Impressioni alpine: Benedetti Michelangeli e il coro della SAT

Antiche leggende montane; incontri amorosi sul far della sera; la dura vita nelle vallate alpine; il ricordo della guerra: queste semplici ma evocative immagini colpirono la fantasia del pianista Arturo Benedetti Michelangeli nell’armonizzare i canti della tradizione popolare per il coro della SAT.

Fotografia di Filippo Candotti
Fotografia di Filippo Candotti

Arturo Benedetti Michelangeli (Brescia 1920 – Lugano 1995) è stato fra i più acclamati pianisti del ‘900. Interprete raffinatissimo, dal tocco allo stesso tempo dolce e ieratico, si è affermato come uno degli interpreti più carismatici grazie alle sue esecuzioni di Chopin, Ravel, Debussy, realizzando incisioni discografiche di riferimento di gran parte del repertorio ottocentesco e primonovecentesco.

Una carriera vissuta sempre sotto i riflettori ma che presenta lati più ombrosi e meno conosciuti, dove il maestro bresciano dà prova di uno sguardo ampio sul fenomeno musicale. Caso emblematico è il pluridecennale rapporto con il Coro della SAT (Società Alpinisti Trentini), il più affermato coro di voci virili nel panorama italiano e non solo. Nei suoi quasi cento anni di attività ha accumulato un repertorio sterminato di adattamenti di canti popolari dell’Italia settentrionale declinando l’espressione artistica con rigore musicologico.

L’inusuale incontro fra uno dei “sacerdoti” del pianismo classico e il più importante fra i cori di montagna avviene nel 1949. Benedetti Michelangeli è chiamato a insegnare al conservatorio di Bolzano, città dove vive Enrico Pedrotti, uno dei fondatori del Coro della SAT. L’intesa fra i due e l’amore di Michelangeli per l’ambiente montano sfocia nel 1954 con l’armonizzazione dei primi canti per il coro. La collaborazione sarà feconda: il pianista bresciano scriverà per la SAT ben diciannove canti che rappresentano la sua unica prova come compositore.

L’approccio di Michelangeli all’elemento popolare è innovativo rispetto alle armonizzazioni tradizionali dell’epoca. L’immaginazione di Michelangeli si muove alla ricerca di soluzioni inusuali e raffinate senza però venir meno ai canoni consolidati di un genere come quello del canto alpino. Michelangeli piega i duttili clichè della musica popolare in un raffinato diasistema dove semplicità e cantabilità convivono con raffinati effetti che sfruttano tutte le risorse espressive del coro. Questa ricerca è evidente in canti come Io vorrei, I lamenti di una fanciulla, La bella al mulino dove una condotta armonica apparentemente scolastica nasconde raffinate sorprese debitrici dell’impressionismo musicale di Debussy.

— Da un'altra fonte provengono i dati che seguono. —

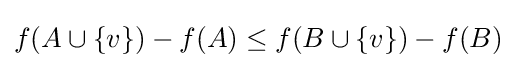
f(A\cup \{v\})-f(A)\leq f(B\cup \{v\})-f(B)

Michelangeli non si limita ad amplificare il canto attraverso le risorse armoniche ma spesso ricerca dei veri e propri effetti strumentali come in Lucia Maria, Il Maritino, Che fai Bella Pastora, dove la melodia è arricchita da figure d’accompagnamento iterative. Il gusto per l’effetto raggiunge il vero e proprio descrittivismo in Entorno al foch, dove la rapida sillabazione delle voci simula il ribollire della pentola sul camino acceso.

Il pianista non si accontenta di impreziosire materiali di innocente semplicità ma va a caccia di melodie e soluzioni armoniche lontane dallo standard della tradizione. La pastora e il lupo si apre su una melodia sola del tenore costruita su una scala pentatonica. Prosegue con l’entrata del coro nel modo minore, caso raro nel reportorio popolare italiano. Serafin è invece un canto dal raro metro in 5/4, una scansione irregolare rispetto alle più usuali suddivisioni binarie o ternarie.

‘Ndormenzete Popin è il congedo dall’attività di armonizzatore. In questo canto Michelangeli condenso tutta la passione poetica che ha animato la sua relazione con il coro della SAT. Una semplice melodia trentina, una ninna-nanna, è innestata su un complesso ma soffice tessuto armonico fatto di glissandi, cromatismi armonici e effetti vocali.

Le armonizzazioni del maestro bresciano realizzano un grande affresco della vita e della civiltà alpina. Un mondo che, sfuggendo a ogni classificazione, viene colto attraverso il canto nel vivo della quotidianità. La musica non si limita a descrivere, diviene un mezzo catartico attraverso cui la comunità celebra i propri valori ed esorcizza l’imprevedibilità delle forze naturali a cui è sottoposta.